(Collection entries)
[Start of Attachment]

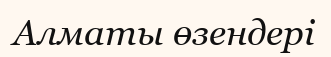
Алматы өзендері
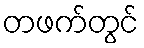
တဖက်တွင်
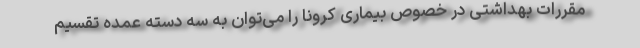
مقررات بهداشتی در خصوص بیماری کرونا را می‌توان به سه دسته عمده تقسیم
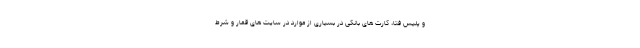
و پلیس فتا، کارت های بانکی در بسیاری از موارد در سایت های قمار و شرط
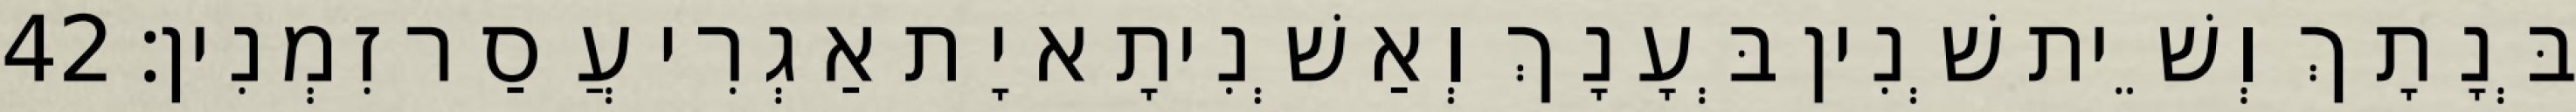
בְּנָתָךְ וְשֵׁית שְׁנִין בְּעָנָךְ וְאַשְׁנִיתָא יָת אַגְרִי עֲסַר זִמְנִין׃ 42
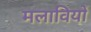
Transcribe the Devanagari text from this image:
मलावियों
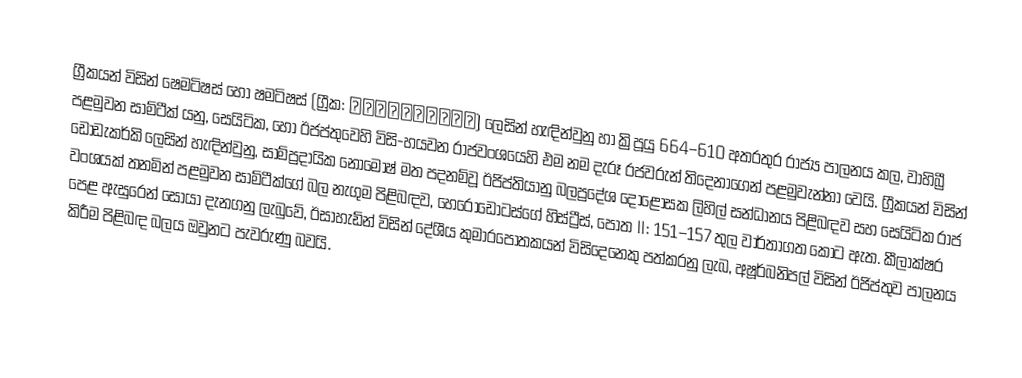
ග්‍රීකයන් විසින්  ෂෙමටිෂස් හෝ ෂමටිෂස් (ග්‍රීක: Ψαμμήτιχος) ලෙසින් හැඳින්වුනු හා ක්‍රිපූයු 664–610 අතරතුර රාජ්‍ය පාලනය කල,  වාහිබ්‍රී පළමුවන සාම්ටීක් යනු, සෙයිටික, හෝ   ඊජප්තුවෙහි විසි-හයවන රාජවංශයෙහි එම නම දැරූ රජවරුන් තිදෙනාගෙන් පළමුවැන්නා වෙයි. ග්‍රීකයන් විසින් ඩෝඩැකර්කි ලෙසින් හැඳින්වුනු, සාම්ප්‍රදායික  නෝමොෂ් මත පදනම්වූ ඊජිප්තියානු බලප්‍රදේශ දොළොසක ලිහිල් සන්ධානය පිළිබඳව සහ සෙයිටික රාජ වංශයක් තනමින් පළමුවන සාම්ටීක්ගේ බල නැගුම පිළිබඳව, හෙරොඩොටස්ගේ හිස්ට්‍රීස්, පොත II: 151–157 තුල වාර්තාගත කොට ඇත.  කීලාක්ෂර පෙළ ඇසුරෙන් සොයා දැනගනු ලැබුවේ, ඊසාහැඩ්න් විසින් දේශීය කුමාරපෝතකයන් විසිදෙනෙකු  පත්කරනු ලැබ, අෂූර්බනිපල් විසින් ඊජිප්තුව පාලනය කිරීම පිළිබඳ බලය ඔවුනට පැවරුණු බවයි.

[End of Attachment]

EXERCISE
All of the records above are to be printed exactly, with every picture omitted.

RESPONSE TO THIS EXERCISE
Алматы өзендері
တဖက်တွင်
مقررات بهداشتی در خصوص بیماری کرونا را می‌توان به سه دسته عمده تقسیم
و پلیس فتا، کارت های بانکی در بسیاری از موارد در سایت های قمار و شرط
בְּנָתָךְ וְשֵׁית שְׁנִין בְּעָנָךְ וְאַשְׁנִיתָא יָת אַגְרִי עֲסַר זִמְנִין׃ 42
Transcribe the Devanagari text from this image:
मलावियों
ග්‍රීකයන් විසින්  ෂෙමටිෂස් හෝ ෂමටිෂස් (ග්‍රීක: Ψαμμήτιχος) ලෙසින් හැඳින්වුනු හා ක්‍රිපූයු 664–610 අතරතුර රාජ්‍ය පාලනය කල,  වාහිබ්‍රී පළමුවන සාම්ටීක් යනු, සෙයිටික, හෝ   ඊජප්තුවෙහි විසි-හයවන රාජවංශයෙහි එම නම දැරූ රජවරුන් තිදෙනාගෙන් පළමුවැන්නා වෙයි. ග්‍රීකයන් විසින් ඩෝඩැකර්කි ලෙසින් හැඳින්වුනු, සාම්ප්‍රදායික  නෝමොෂ් මත පදනම්වූ ඊජිප්තියානු බලප්‍රදේශ දොළොසක ලිහිල් සන්ධානය පිළිබඳව සහ සෙයිටික රාජ වංශයක් තනමින් පළමුවන සාම්ටීක්ගේ බල නැගුම පිළිබඳව, හෙරොඩොටස්ගේ හිස්ට්‍රීස්, පොත II: 151–157 තුල වාර්තාගත කොට ඇත.  කීලාක්ෂර පෙළ ඇසුරෙන් සොයා දැනගනු ලැබුවේ, ඊසාහැඩ්න් විසින් දේශීය කුමාරපෝතකයන් විසිදෙනෙකු  පත්කරනු ලැබ, අෂූර්බනිපල් විසින් ඊජිප්තුව පාලනය කිරීම පිළිබඳ බලය ඔවුනට පැවරුණු බවයි.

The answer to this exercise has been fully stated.